Richard Hedges
Richard Hedges

Reputation: 1188

Is it possible to use jQuery to check if an element was created dynamically?

I'm using jQuery to append new <option> tags to a <select> field, and in some cases I need to remove those options without knowing the values of them.
Is it possible to remove all the options that were created by jQuery whilst leaving the original options intact?

The only way I can think of doing it is by checking they're not the values I want to keep. Hopefully is there an easier, quicker, way?

Upvotes: 2

Views: 133

Answers (4)

Iain Fraser
Iain Fraser

Reputation: 6738

It's dirty, but here goes;

$(function() {
    var myselects = $('#myselectelement');
    var myoptions = myselects.html();
    // now we know the state of the select on ready
    var resetopts = function(sel, opt)
    {
        sel.html(opt);
    }
    // call resetopts(myselects, myoptions) when you want to reset. 
});

This way you don't add any extra markup. There is a memory cost though.
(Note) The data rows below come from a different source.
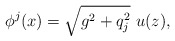
\begin{align*}\phi^j(x)=\sqrt{g^2+q_j^2}\ u(z),\end{align*}
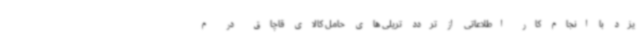
یزد با انجام کار اطلاعاتی از تردد تریلی های حامل کالای قاچاق در م
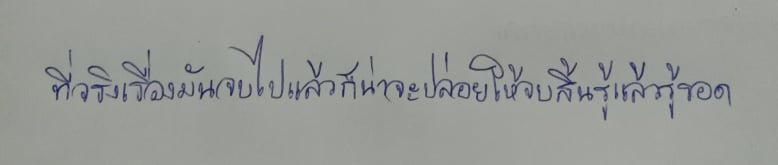
ที่จริงเรื่องมันจบไปแล้วก็น่าจะปล่อยให้จบสิ้นรู้แล้วรู้รอด
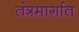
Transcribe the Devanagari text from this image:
तंत्रमार्गात
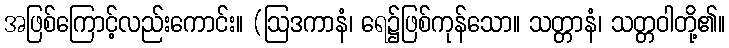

I have a way to do this with DOM elements, but the above was hard enough to type from memory on a touch screen.

Upvotes: 1

George Reith
George Reith

Reputation: 13476

If all of the dynamic elements have been created by you, then you can use the HTML5 data-attribute to store a small piece of metadata on the elements to make this trivial.

e.g,

element.attr("data-dynamic", "true");

You can then find all dynamic elements via:

$('*[data-dynamic="true"]')

Of course if you know what type of elements this may appear on you can make it more efficient:

$('option[data-dynamic="true"]')

This has many more uses such as storing data in non-dynamically created HTML for use by JavaScript later.
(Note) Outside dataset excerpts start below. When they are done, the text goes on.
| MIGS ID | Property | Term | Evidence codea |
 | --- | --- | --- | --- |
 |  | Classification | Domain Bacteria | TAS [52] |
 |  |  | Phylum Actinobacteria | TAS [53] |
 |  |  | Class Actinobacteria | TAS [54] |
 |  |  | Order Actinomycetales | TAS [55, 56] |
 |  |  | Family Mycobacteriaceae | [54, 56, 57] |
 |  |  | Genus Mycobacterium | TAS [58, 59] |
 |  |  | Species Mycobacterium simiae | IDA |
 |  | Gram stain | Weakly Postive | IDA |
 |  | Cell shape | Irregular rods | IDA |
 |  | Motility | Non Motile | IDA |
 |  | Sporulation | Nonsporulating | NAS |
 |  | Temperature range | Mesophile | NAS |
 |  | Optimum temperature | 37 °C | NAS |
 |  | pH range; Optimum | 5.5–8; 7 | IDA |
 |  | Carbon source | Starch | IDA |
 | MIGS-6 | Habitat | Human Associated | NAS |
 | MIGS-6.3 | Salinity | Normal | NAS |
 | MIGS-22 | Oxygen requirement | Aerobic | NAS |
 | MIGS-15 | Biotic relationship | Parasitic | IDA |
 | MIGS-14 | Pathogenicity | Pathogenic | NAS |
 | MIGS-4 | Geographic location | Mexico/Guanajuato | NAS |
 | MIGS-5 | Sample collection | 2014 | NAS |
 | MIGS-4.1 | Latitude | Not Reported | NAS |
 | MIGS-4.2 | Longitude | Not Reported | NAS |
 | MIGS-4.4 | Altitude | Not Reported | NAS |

NOTE: Although it is HTML5 this works in most browsers (IE4+) as it is the same as obtaining any attribute, the difference is it is considered valid HTML with a HTML5 doctype.

Upvotes: 1

Calavoow
Calavoow

Reputation: 492

You can add a property to the tags and filter on that. For example you can make them part of a class appended and delete them that way. See for an example this fiddle.

Upvotes: 1

Jon
Jon

Reputation: 437386

Once elements are inserted into the DOM they are all equal; there is no magic "dynamically created" flag that you can check.

Of course you can always create your own methods to do so. For example, you can add a "data-dynamic" HTML attribute or a dynamic CSS class to the dynamically created options and then filter based on that.